METHODS: Paediatric aphakic patients receiving either one-piece anti-vaulting haptic or three-piece C-loop haptic IOL implants into the ciliary sulcus were enrolled in this prospective non-randomized interventional study and followed up for 3 years. IOL decentration and tilt were measured using Scheimpflug images. Preoperative and postoperative information, including demographic data and ocular biometric parameters and complications, were collected and analysed.
RESULTS: Among 123 eyes of 79 paediatric patients, there were 72 eyes (58.54%) in the anti-vaulting haptic IOL group and 51 eyes (41.46%) in the C-loop haptic group. The anti-vaulting haptic IOL group had a lower incidence of clinically significant vertical IOL decentration than the C-loop haptic IOL group (23.88% vs. 43.14%, p = 0.037). No intergroup differences were observed in vertical or horizontal tilt or in horizontal decentration (all p > 0.05). One-piece anti-vaulting haptic IOL implantation was associated with a lower risk of clinically significant vertical decentration than three-piece C-loop haptic IOL implantation (odds ratio: 0.42, p = 0.037). There was a higher incidence of IOL dislocation in the C-loop haptic IOL group (15.22% vs. 4.17%, p = 0.046).
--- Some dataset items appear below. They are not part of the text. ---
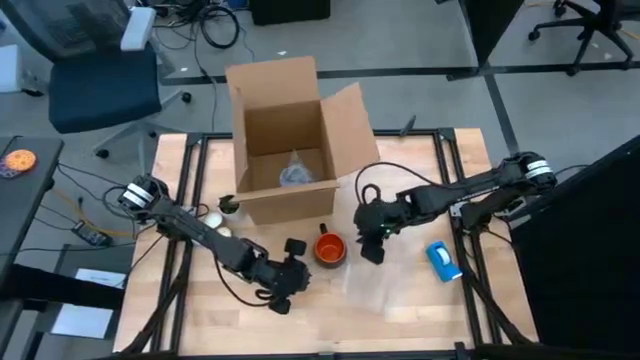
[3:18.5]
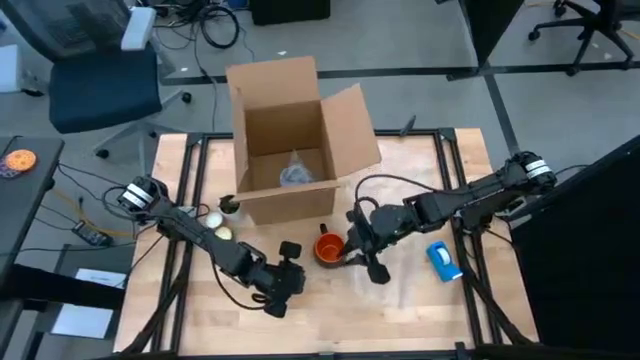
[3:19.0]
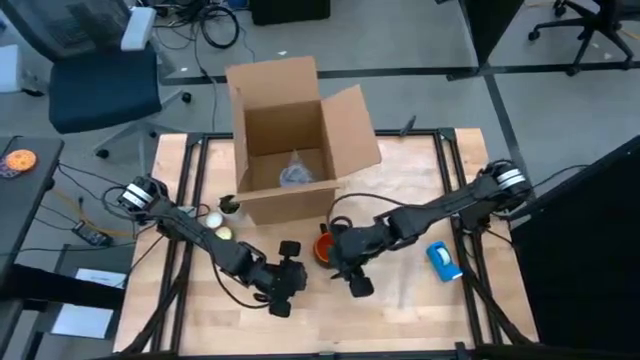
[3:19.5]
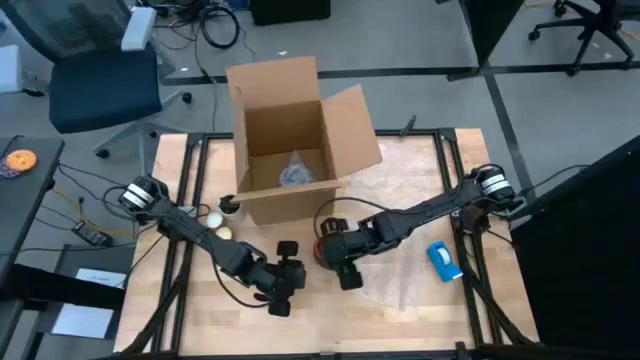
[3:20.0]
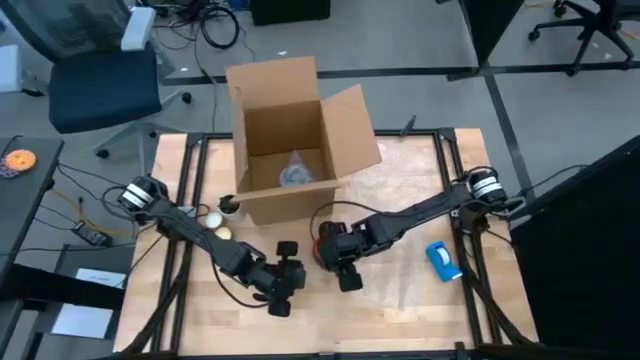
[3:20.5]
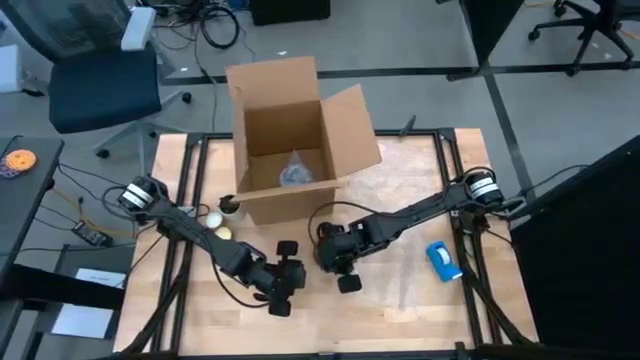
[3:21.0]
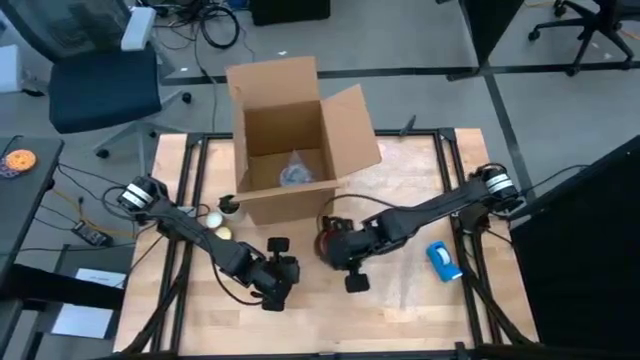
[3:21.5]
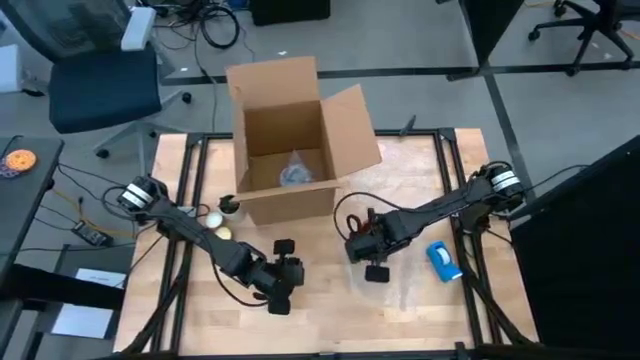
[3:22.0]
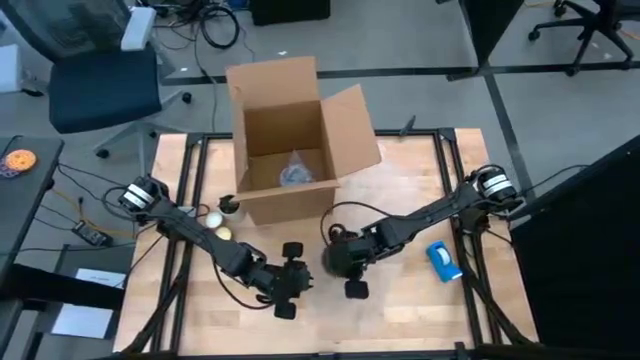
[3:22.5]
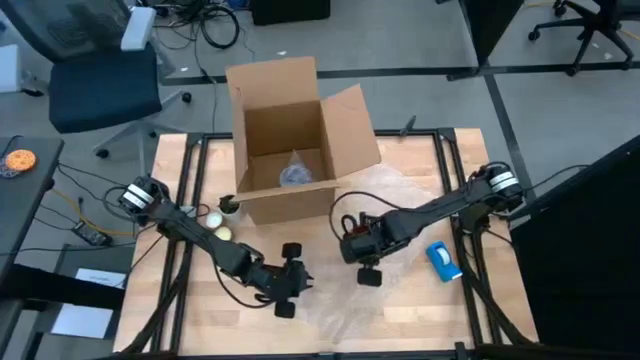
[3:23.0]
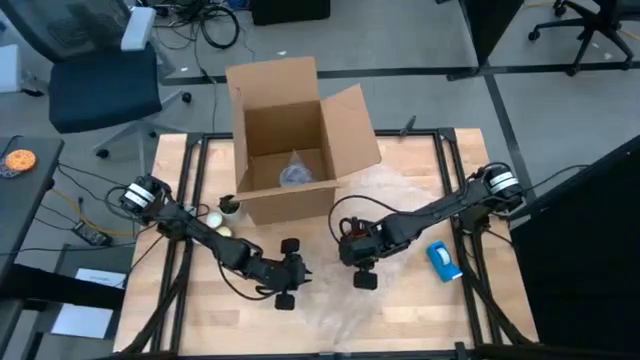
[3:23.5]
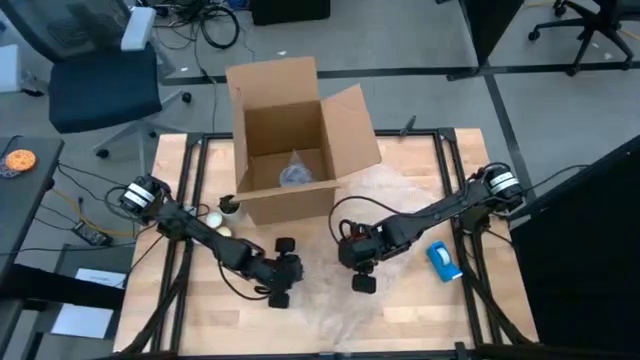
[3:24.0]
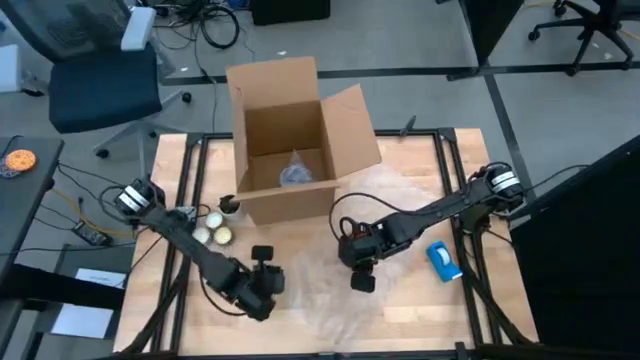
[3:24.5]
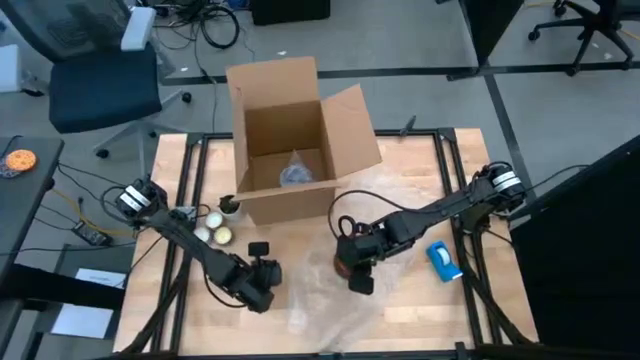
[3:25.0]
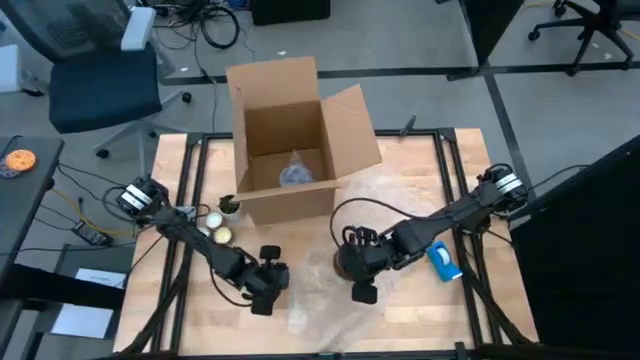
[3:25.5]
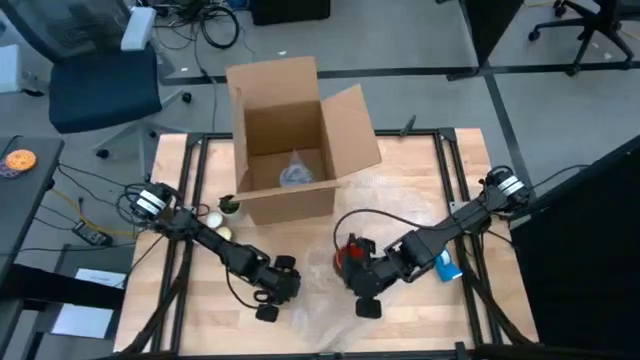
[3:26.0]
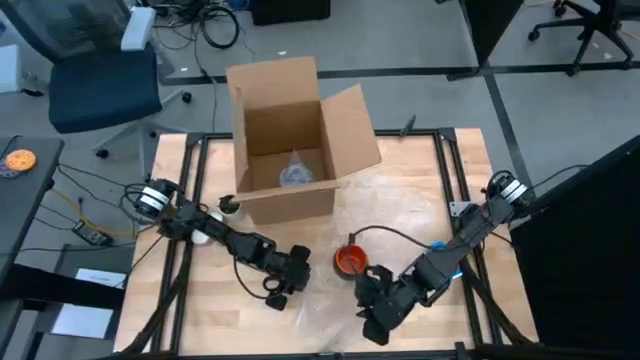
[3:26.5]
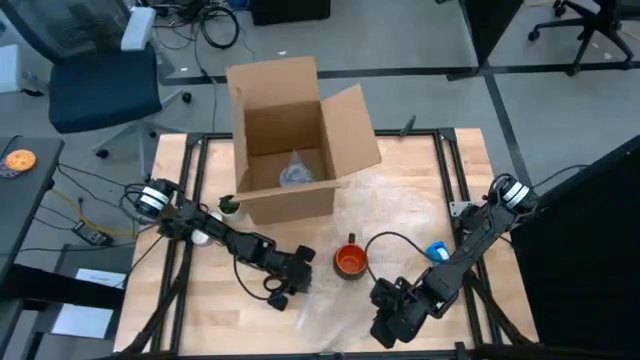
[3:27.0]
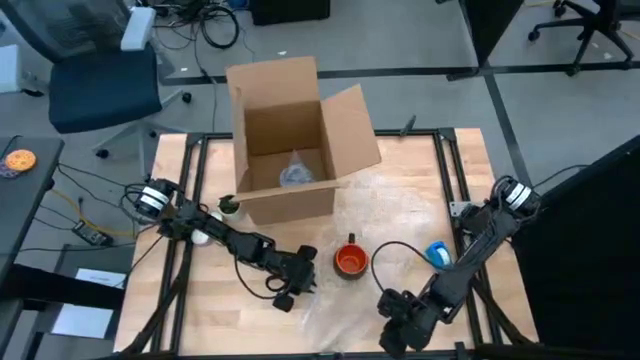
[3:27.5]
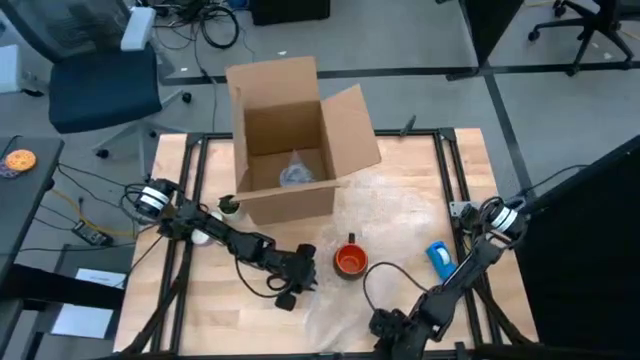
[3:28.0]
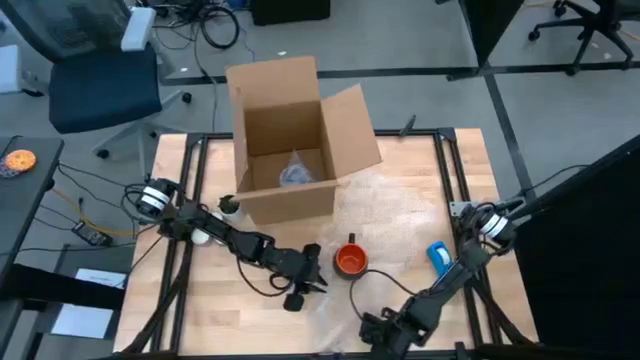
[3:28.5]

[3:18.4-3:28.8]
Task: wrap mug
Wrap the black mug with bubble wrap

CONCLUSIONS: In paediatric aphakic eyes undergoing secondary IOL implantation into the ciliary sulcus, one-piece anti-vaulting haptic IOLs can reduce the risk of clinically significant vertical IOL decentration compared with three-piece C-loop haptic IOLs and may favour long-term IOL positional stability.
方法:这项前瞻性非随机介入研究招募了接受一件式抗跳脱触觉或三件式C环触觉IOL植入睫状沟的小儿无晶状体患者,并随访3年。使用Scheimpflug图像测量IOL偏心和倾斜。术前和术后信息,包括人口统计数据和眼部生物参数和并发症,进行了收集和分析。
结果:在79名儿科患者的123只眼中,抗跳跃触觉IOL组72眼(58.54%),C-loop触觉组51眼(41.46%)。与C-loop触觉IOL组相比,抗跳跃触觉IOL组的临床上显着的垂直IOL分散发生率较低(23.88%vs.43.14%,p=0.037)。在垂直或水平倾斜或水平偏心方面未观察到组间差异(均p>0.05)。与三片C-loop触觉IOL植入相比,单片式抗拱顶触觉IOL植入与临床上明显的垂直偏心风险较低相关(比值比:0.42,p=0.037)。C-loop触觉IOL组的IOL脱位发生率较高(15.22%vs.4.17%,p=0.046)。
结论:在接受二次IOL植入睫状沟的小儿无晶状体眼,与三片C环触觉IOL相比,单片式抗跳跃触觉IOL可降低临床上显著的垂直IOL偏心的风险,并且可能有利于IOL的长期位置稳定性.